Commanders for Israel's Security
- Founded: 2014
- Type: Extra-parliamentary
- Region served: Israel
- Website: en.cis.org.il

= Commanders for Israel's Security =

Israeli movement

"Commanders for Israel's Security" (CIS, מפקדים למען ביטחון ישראל) is an Israeli movement of ex-senior security officials (IDF, Mossad, Shin Bet and Israel Police) that was founded in October 2014, and aims to promote a regional political-security initiative to resolve the Israeli–Palestinian conflict, and to normalize relations with moderate Arab states.
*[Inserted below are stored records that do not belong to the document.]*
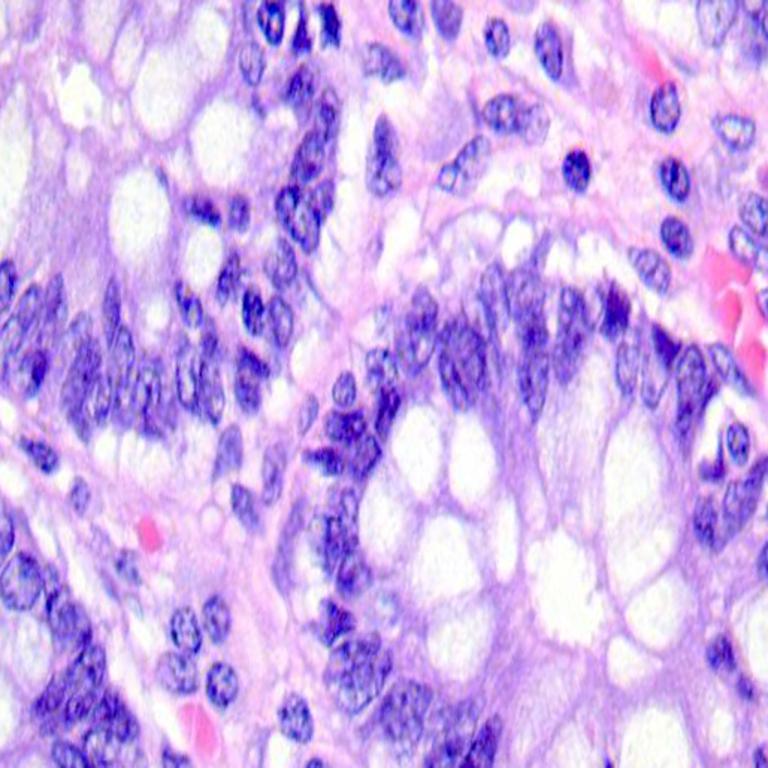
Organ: colon
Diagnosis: benign
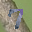
Label: 7
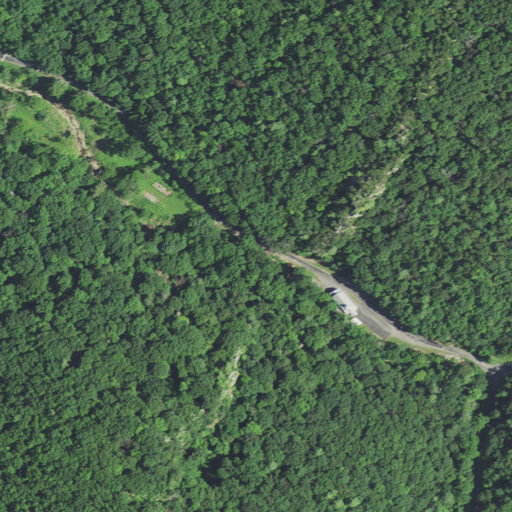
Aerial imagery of gap in West Virginia named Harper Gap containing deciduous forest, open development, low intensity development, medium intensity development, and mixed forest
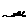
Label: bird
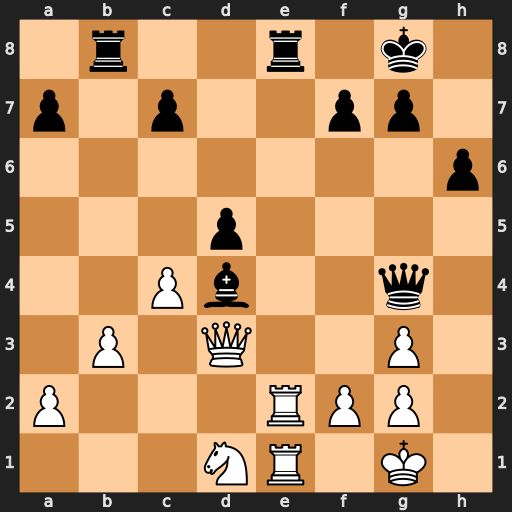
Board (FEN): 1r2r1k1/p1p2pp1/7p/3p4/2Pb2q1/1P1Q2P1/P3RPP1/3NR1K1
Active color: w
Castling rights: -
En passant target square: -
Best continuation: Rxe8+ Rxe8 Rxe8#
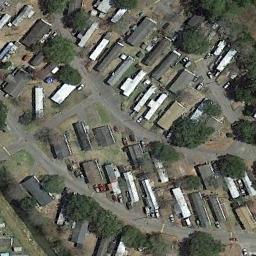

The movement is non-partisan but promotes a political goal.

The organization was established by a private and spontaneous initiative, in which a number of senior reserve officers who called on the Prime Minister, Benjamin Netanyahu, to adopt the Arab Peace Initiative as a basis for political negotiations and security, and to advance the peace process.

Among members of the movement, are former IDF Chief of Staff Dan Halutz, former Directors of Mossad Zvi Zamir, Shabtai Shavit, Danny Yatom and Meir Dagan, former Head of the Shin Bet Ami Ayalon, former Air Force Commanders Amos Lapidot and Avihu Ben-Nun, and former Police Commissioners Herzl Shafir, Yaakov Turner and Assaf Hefetz, and many others.

==Activity==
In February 2015, members of the group expressed criticism of Benjamin Netanyahu's decision to address a joint session of the U.S. Congress, which was arranged without the engagement of U.S. President Barack Obama and his administration. The organization, which includes over 200 retired officers, protested that Netanyahu's speech would damage the relationship between Israel and the United States, Israel's foremost ally. Amnon Reshef, the group's director general, addressing Netanyahu's intent to address concerns about a nuclear Iran, stated, "The way to stop a nuclear Iran is by strengthening ties between countries, between the US and Israel, between Israel and the international community. You can't hide the divide with the Americans and we can't be complacent about it. We believe that this thing is a clear and present danger to the security of Israel." Netanyahu's former commander when he was in the IDF, Amiram Levin, notes that Netanyahu should understand the target is "Tehran, not Washington." Netanyahu's Likud party dismissed the criticism it said came from a group of "leftists."

More recently, two prominent members of the group called for a broader peace under the aegis of a broad alliance of Arab and Muslim-majority nations.